Assignment –
Make an exact copy of the entries below, with all images left out.

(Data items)
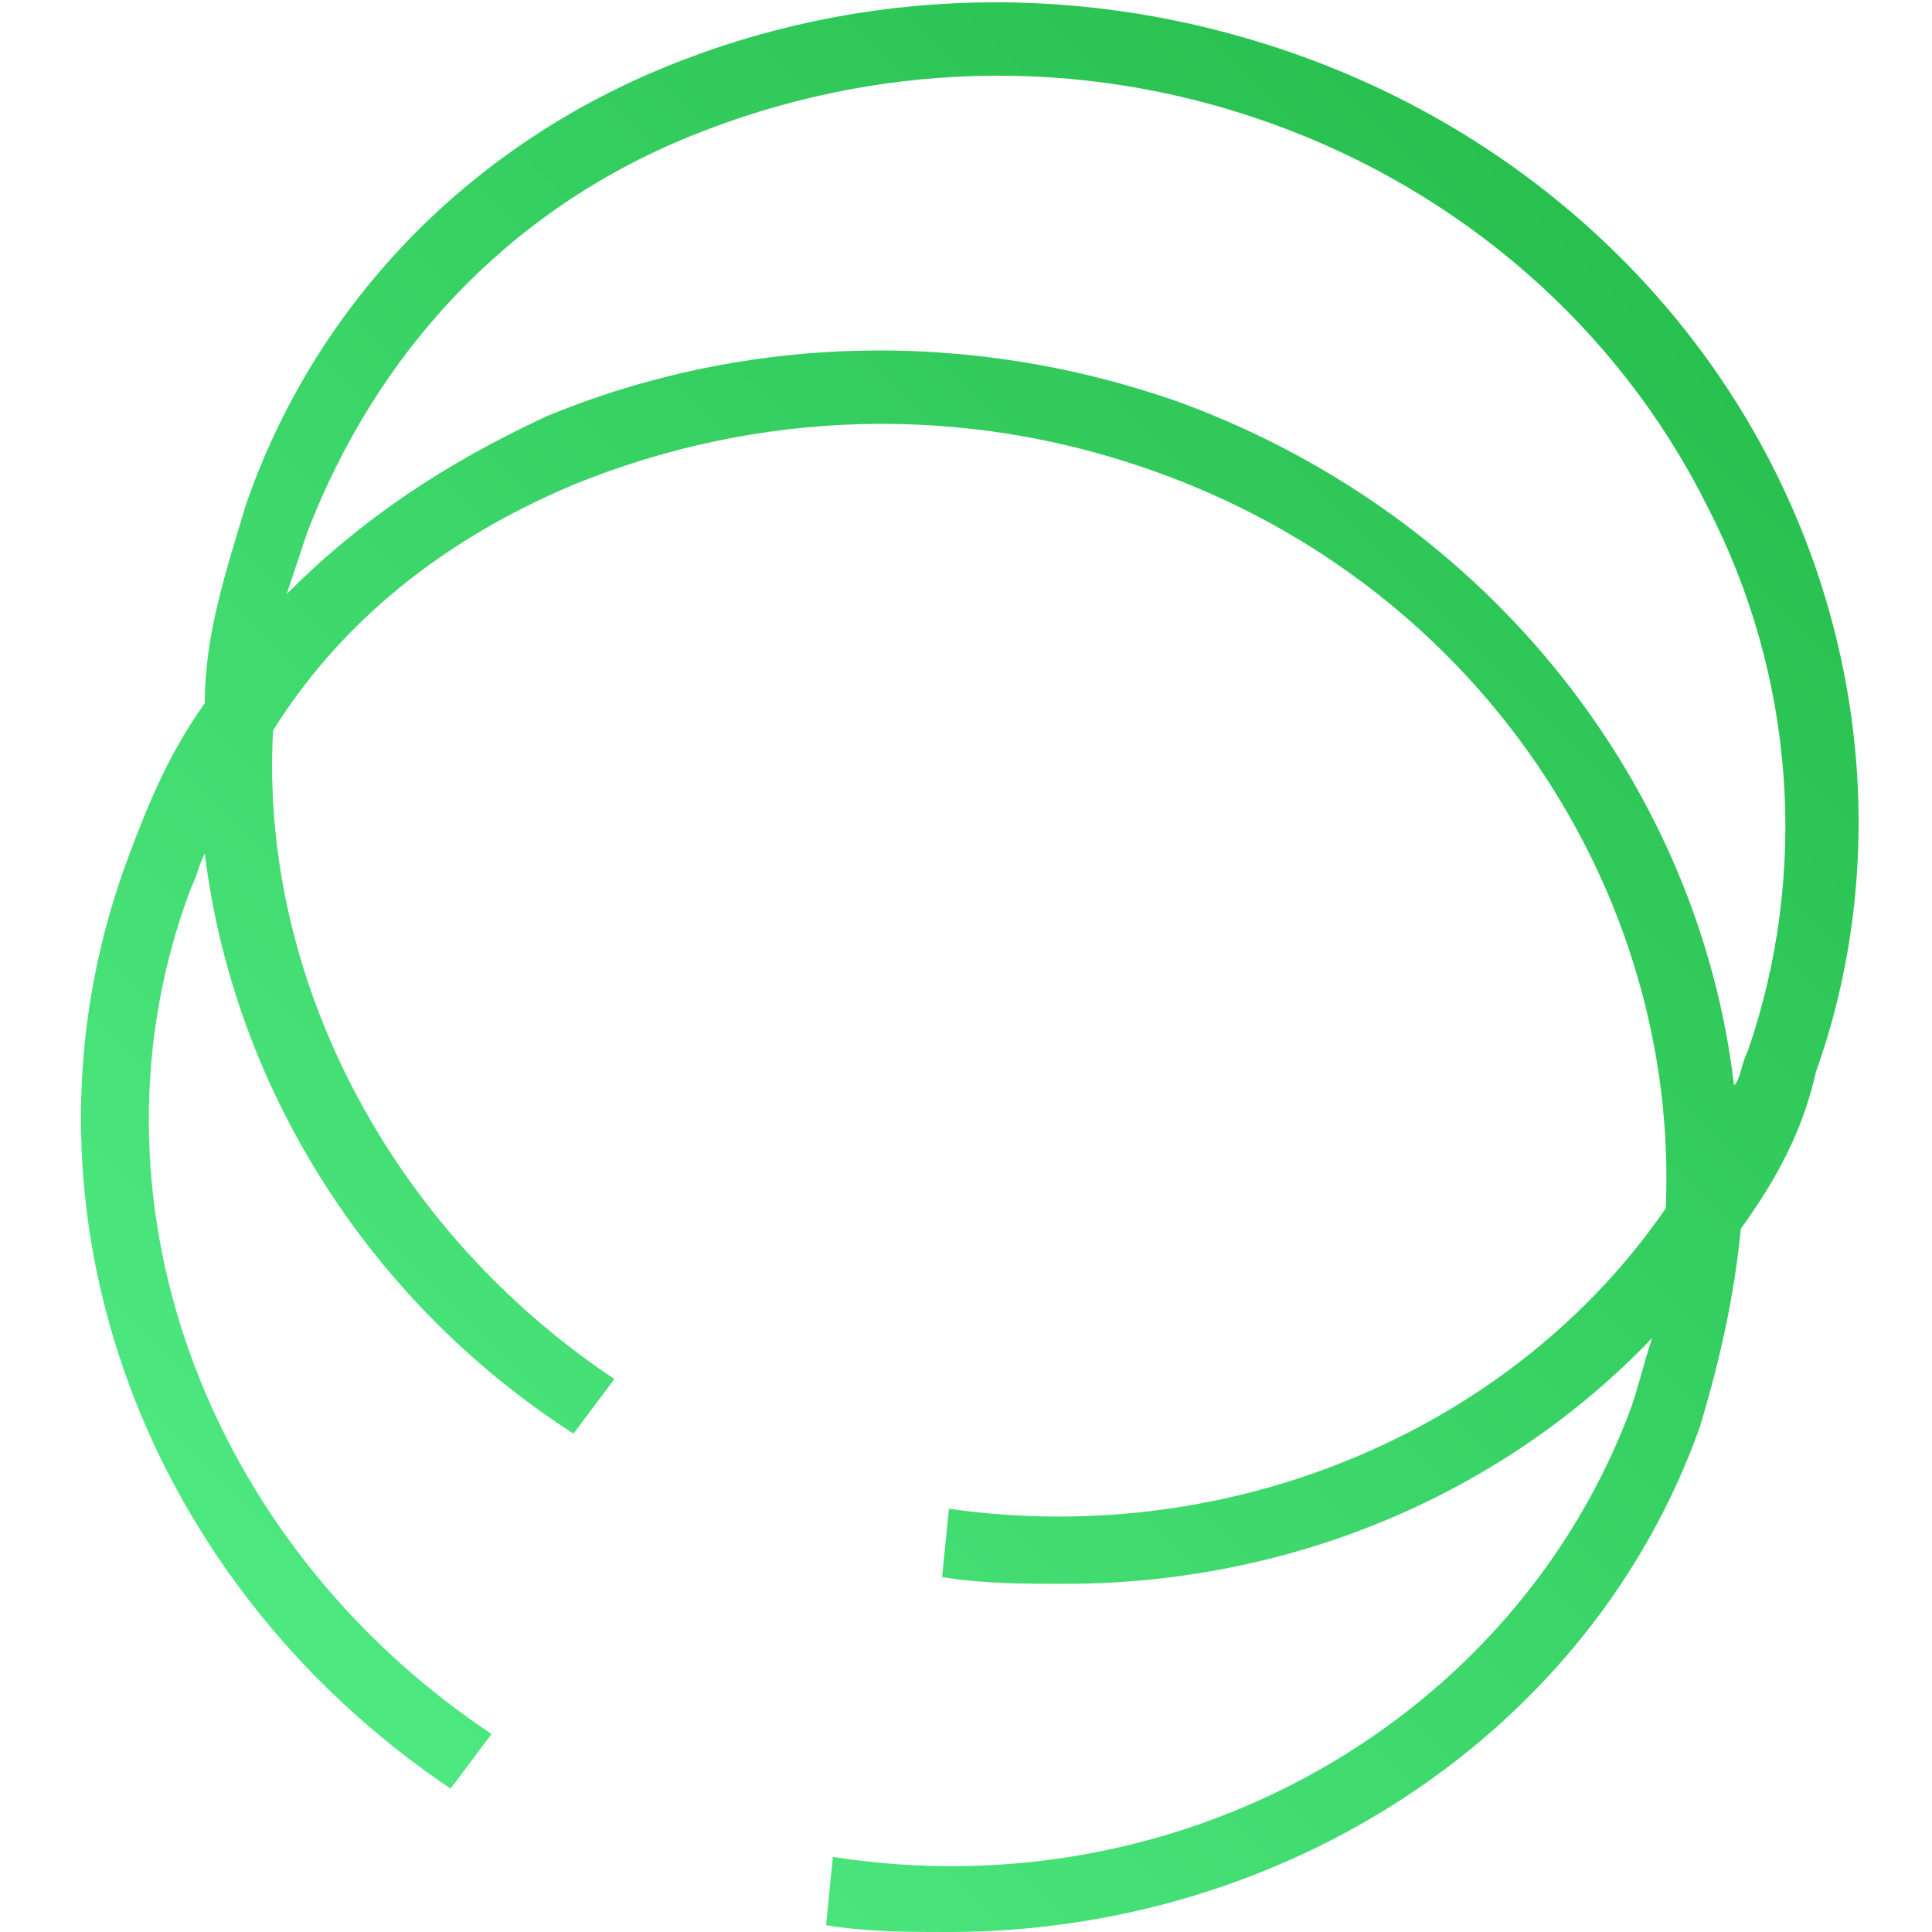 <?xml version="1.0" encoding="utf-8"?>
<!-- Generator: Adobe Illustrator 25.0.0, SVG Export Plug-In . SVG Version: 6.00 Build 0)  -->
<svg version="1.1" id="Layer_1" xmlns="http://www.w3.org/2000/svg" xmlns:xlink="http://www.w3.org/1999/xlink" x="0px" y="0px"
	 viewBox="0 0 28.3 28.3" style="enable-background:new 0 0 28.3 28.3;" xml:space="preserve">
<style type="text/css">
	.st0{fill:url(#SVGID_1_);}
</style>
<linearGradient id="SVGID_1_" gradientUnits="userSpaceOnUse" x1="4.217" y1="3.736" x2="24.136" y2="23.656" gradientTransform="matrix(1 0 0 -1 0 27.89)">
	<stop  offset="0" style="stop-color:#4DE880"/>
	<stop  offset="1" style="stop-color:#28C04F"/>
</linearGradient>
<path class="st0" d="M26,6.9c-1.4-2.8-3.9-5-7-6.1s-6.4-1-9.3,0.2S4.6,4.5,3.6,7.4C3.3,8.4,3,9.3,3,10.3c-0.5,0.7-0.8,1.4-1.1,2.2
	C0,17.5,2,23.1,6.6,26.2l0.6-0.8C3,22.6,1.1,17.5,2.8,13c0.1-0.2,0.1-0.3,0.2-0.5C3.4,15.8,5.3,19,8.4,21L9,20.2
	c-3.3-2.2-5.2-5.9-5-9.5c1-1.6,2.5-2.8,4.4-3.6c2.7-1.1,5.7-1.2,8.5-0.2c4.8,1.7,7.7,6.2,7.5,10.8c-2.2,3.2-6.3,5-10.5,4.4l-0.1,1
	c0.6,0.1,1.2,0.1,1.8,0.1c3.3,0,6.4-1.3,8.6-3.6c-0.1,0.3-0.2,0.7-0.3,1c-1.7,4.6-6.6,7.4-11.7,6.6l-0.1,1c0.6,0.1,1.2,0.1,1.8,0.1
	c4.9,0,9.4-2.9,11-7.4c0.3-1,0.5-1.9,0.6-2.9c0.5-0.7,0.9-1.4,1.1-2.3C27.6,12.9,27.4,9.7,26,6.9z M25.6,15.4
	c-0.1,0.2-0.1,0.4-0.2,0.5c-0.5-4.3-3.5-8.3-8.1-10c-3.1-1.1-6.4-1-9.3,0.2C6.5,6.8,5.3,7.6,4.2,8.7c0.1-0.3,0.2-0.6,0.3-0.9
	c1-2.6,2.9-4.7,5.6-5.8s5.7-1.2,8.5-0.2s5.1,3,6.4,5.6C26.3,9.9,26.5,12.8,25.6,15.4z"/>
</svg>

Exercise output –
 <?xml version="1.0" encoding="utf-8"?>
<!-- Generator: Adobe Illustrator 25.0.0, SVG Export Plug-In . SVG Version: 6.00 Build 0)  -->
<svg version="1.1" id="Layer_1" xmlns="http://www.w3.org/2000/svg" xmlns:xlink="http://www.w3.org/1999/xlink" x="0px" y="0px"
	 viewBox="0 0 28.3 28.3" style="enable-background:new 0 0 28.3 28.3;" xml:space="preserve">
<style type="text/css">
	.st0{fill:url(#SVGID_1_);}
</style>
<linearGradient id="SVGID_1_" gradientUnits="userSpaceOnUse" x1="4.217" y1="3.736" x2="24.136" y2="23.656" gradientTransform="matrix(1 0 0 -1 0 27.89)">
	<stop  offset="0" style="stop-color:#4DE880"/>
	<stop  offset="1" style="stop-color:#28C04F"/>
</linearGradient>
<path class="st0" d="M26,6.9c-1.4-2.8-3.9-5-7-6.1s-6.4-1-9.3,0.2S4.6,4.5,3.6,7.4C3.3,8.4,3,9.3,3,10.3c-0.5,0.7-0.8,1.4-1.1,2.2
	C0,17.5,2,23.1,6.6,26.2l0.6-0.8C3,22.6,1.1,17.5,2.8,13c0.1-0.2,0.1-0.3,0.2-0.5C3.4,15.8,5.3,19,8.4,21L9,20.2
	c-3.3-2.2-5.2-5.9-5-9.5c1-1.6,2.5-2.8,4.4-3.6c2.7-1.1,5.7-1.2,8.5-0.2c4.8,1.7,7.7,6.2,7.5,10.8c-2.2,3.2-6.3,5-10.5,4.4l-0.1,1
	c0.6,0.1,1.2,0.1,1.8,0.1c3.3,0,6.4-1.3,8.6-3.6c-0.1,0.3-0.2,0.7-0.3,1c-1.7,4.6-6.6,7.4-11.7,6.6l-0.1,1c0.6,0.1,1.2,0.1,1.8,0.1
	c4.9,0,9.4-2.9,11-7.4c0.3-1,0.5-1.9,0.6-2.9c0.5-0.7,0.9-1.4,1.1-2.3C27.6,12.9,27.4,9.7,26,6.9z M25.6,15.4
	c-0.1,0.2-0.1,0.4-0.2,0.5c-0.5-4.3-3.5-8.3-8.1-10c-3.1-1.1-6.4-1-9.3,0.2C6.5,6.8,5.3,7.6,4.2,8.7c0.1-0.3,0.2-0.6,0.3-0.9
	c1-2.6,2.9-4.7,5.6-5.8s5.7-1.2,8.5-0.2s5.1,3,6.4,5.6C26.3,9.9,26.5,12.8,25.6,15.4z"/>
</svg>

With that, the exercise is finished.